But it does lack one of those essential backup ‘client’ features that would put the icing on the cake for me…

File System Notifications or sometimes known as ‘watched folders’ is a concept that monitors for file changes in real-time.

A program e.g. background service or icon tray, can ask the OS to be immediately notified of any changes within specified folders. Duplicacy GUI could keep a list of these changes, and when it comes to the next scheduled backup, instead of scanning the entire repository, uses this much smaller list of files when considering what has changed. The last snapshot revision is used for the state of all other unchanged files.

CrashPlan uses it to stage backups at a frequency as low as every 15 minutes, without have to rescan a set of folders for changes by itself. Syncthing uses it to watch for changes to be synchronised to other devices, as soon as possible - again, without having to rescan the entire directory tree.

Duplicacy does already have impressive performance credentials doing rescans, but I argue that it isn’t very scalable (my relatively small Windows user profile repository still takes upwards of 3 minutes per backup run, even on an SSD), is a waste of CPU resources, and puts it some distance towards that near continuous backup protection ideal that some people, including myself, may find important in a backup tool.

In my opinion, this is a feature that would enhance the GUI to such an extent that it would rival the CrashPlan client in terms of features. Add in CPU throttling (CrashPlan does this also), a sweet web based GUI and you have a sexy backup client made for desktops.

</rambling>


Let me limit the folders that are checked during a backup
#2

Quickly run, the Pessimist steps in!

THIS! (i have the feeling you forgot to mention that in the github issue hijack :stuck_out_tongue:)


But i do have a workflow question which comes out of this: with this feature you intend to have every minute backups? Or every few seconds to make a new revision? <- that would totally kill the storage costs (storage + api calls) even with something as cheap as backblaze.


#3

Ok, briefly - I though that FS monitor idea was silently ignored but it’s apparently back :slight_smile: (No offense intended here in any way – it’s a great idea – but with caveats).

Duplicacy GUI could keep a list of these changes, and when it comes to the next scheduled backup, instead of scanning the entire repository, uses this much smaller list of files when considering what has changed

Admittedly with the clarification that the filesystem events will be used only as just an optimization to reduce frequency of periodic indexing (as opposed to turning duplicacy into a realtime backup) there is something to discuss. But still let me explain why I think both approaches are a very bad idea.
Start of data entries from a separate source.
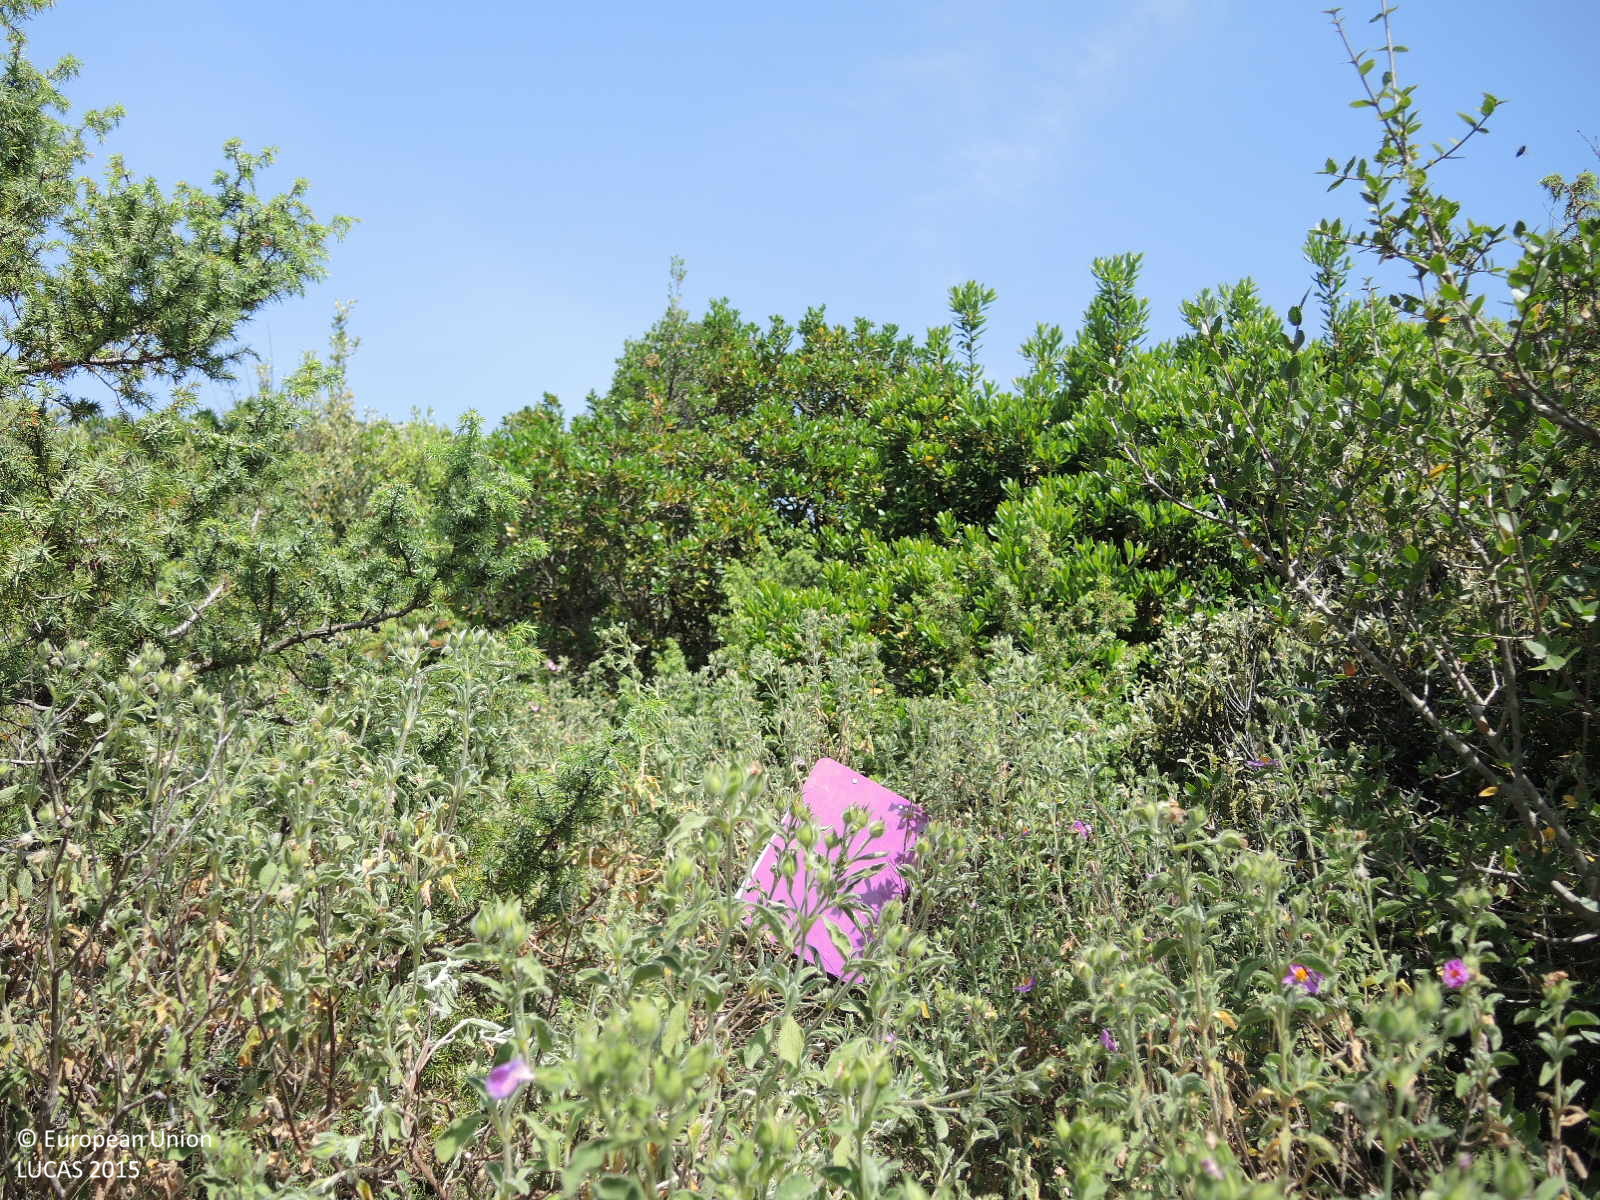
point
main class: Shrubland
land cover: Shrubland without tree cover
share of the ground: > 75 %
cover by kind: shrubs 70 %, herbaceous plants 20 %, unconsolidated bare surface 10 %
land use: Semi-natural and natural areas not in use
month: May
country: HR
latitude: 43.8503
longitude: 15.7011
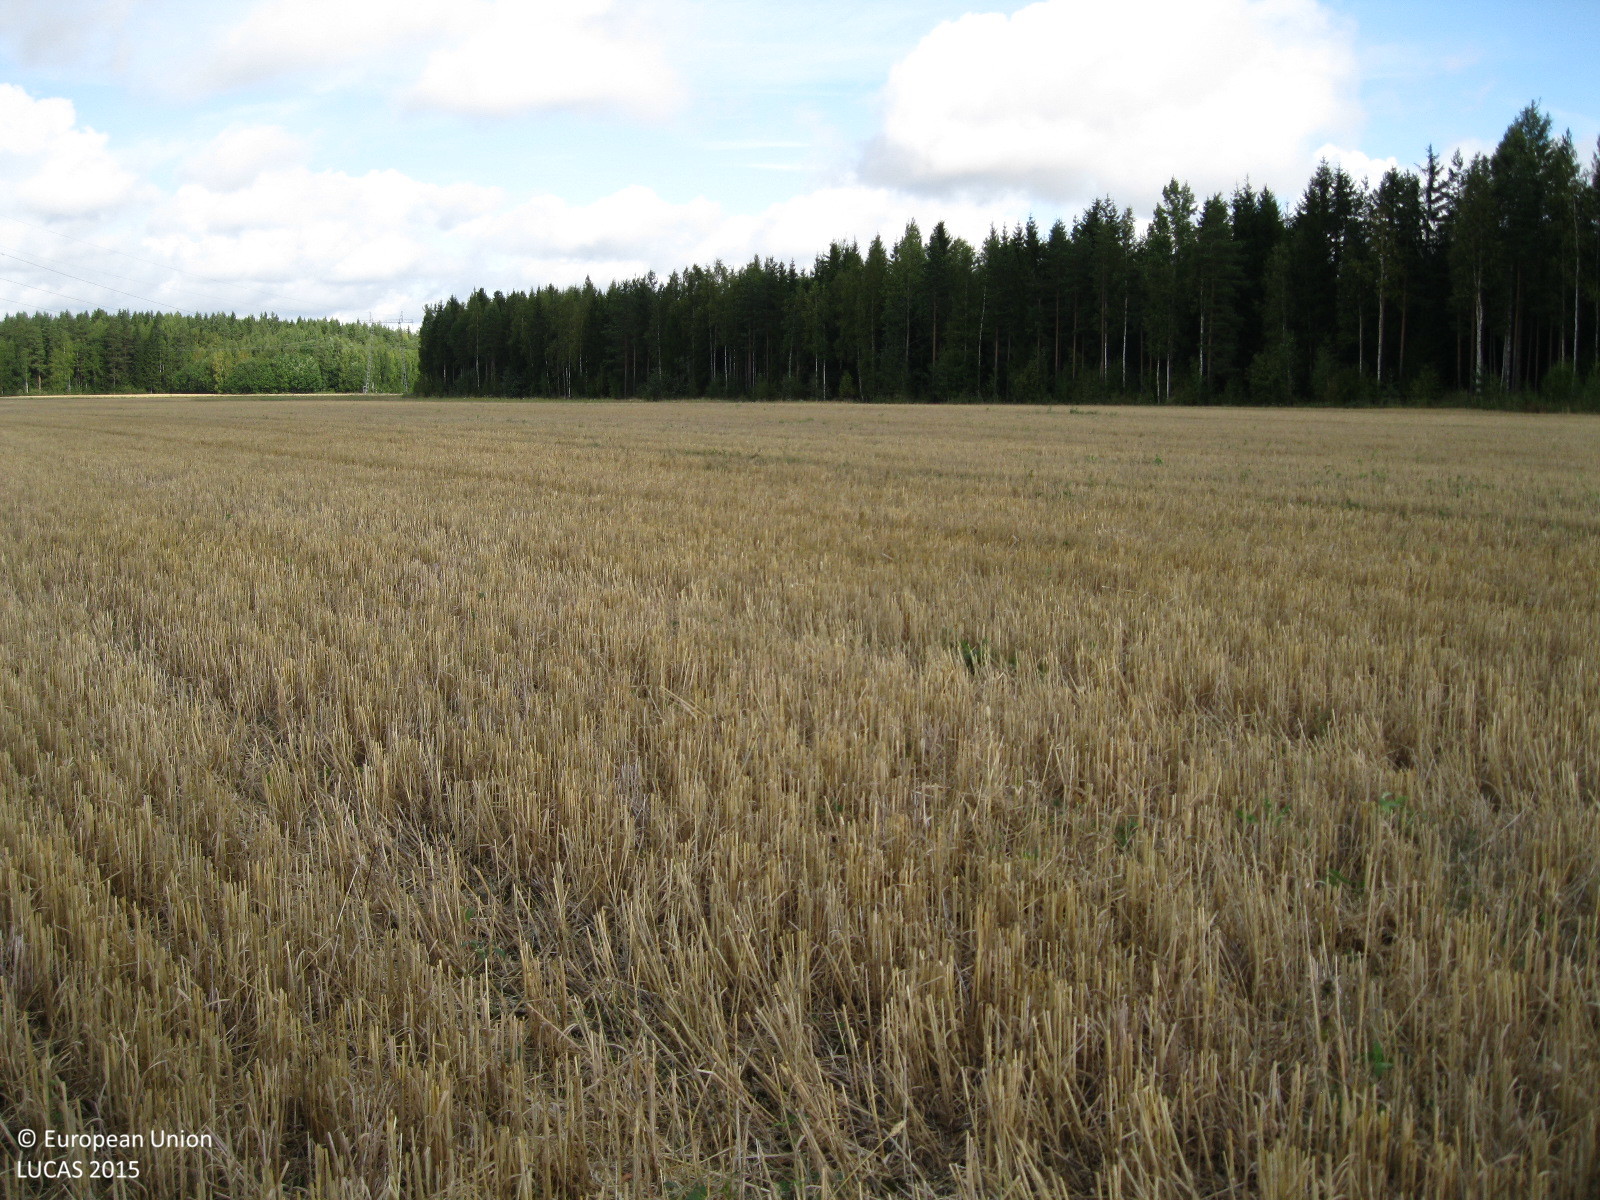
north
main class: Cropland
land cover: Common wheat
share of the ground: > 75 %
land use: Agriculture (excluding fallow land and kitchen gardens)
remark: Harvested field
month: September
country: FI
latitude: 60.8324
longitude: 24.9202

In fact lack of the runtime monitor component was one of the advantages of Duplicacy for me. If number of files that are changing is large (compiling huge source tree as opposed to editing a single word file) having constant filesystem filter overhead is way too high of a price to pay to avoid waiting 40 seconds every hour for full rescan. I remember having to shutdown DropBox and OneDrive because they had the filesystem filters (perhaps improperly written) that would hog CPU when I was building stuff (clang, nothing fancy) in the folders even outside of the dropbox. Same with CrashPlan – I had to kill their stupid filesystem monitor to get some work done.

Granted, Crashplan did it because they had to – their performance sucked to begin with: indexing was taking over 6 hours on my dataset. Of course they had to implement filesystem watcher. (Which by the way does not work on some mounted drives. On some it does work. Depends on version of SMB/NFS and remote OS and enabled features. And there is filesystem watchers limit that likes to get reset out of nowhere to 8k files. Silently. It’s a can of worms I’d rather not open. Even with filesystem monitor we would need periodic full scans because of that – just like CrashPlan had to do – and therefore it would be unusable due to being unreliable).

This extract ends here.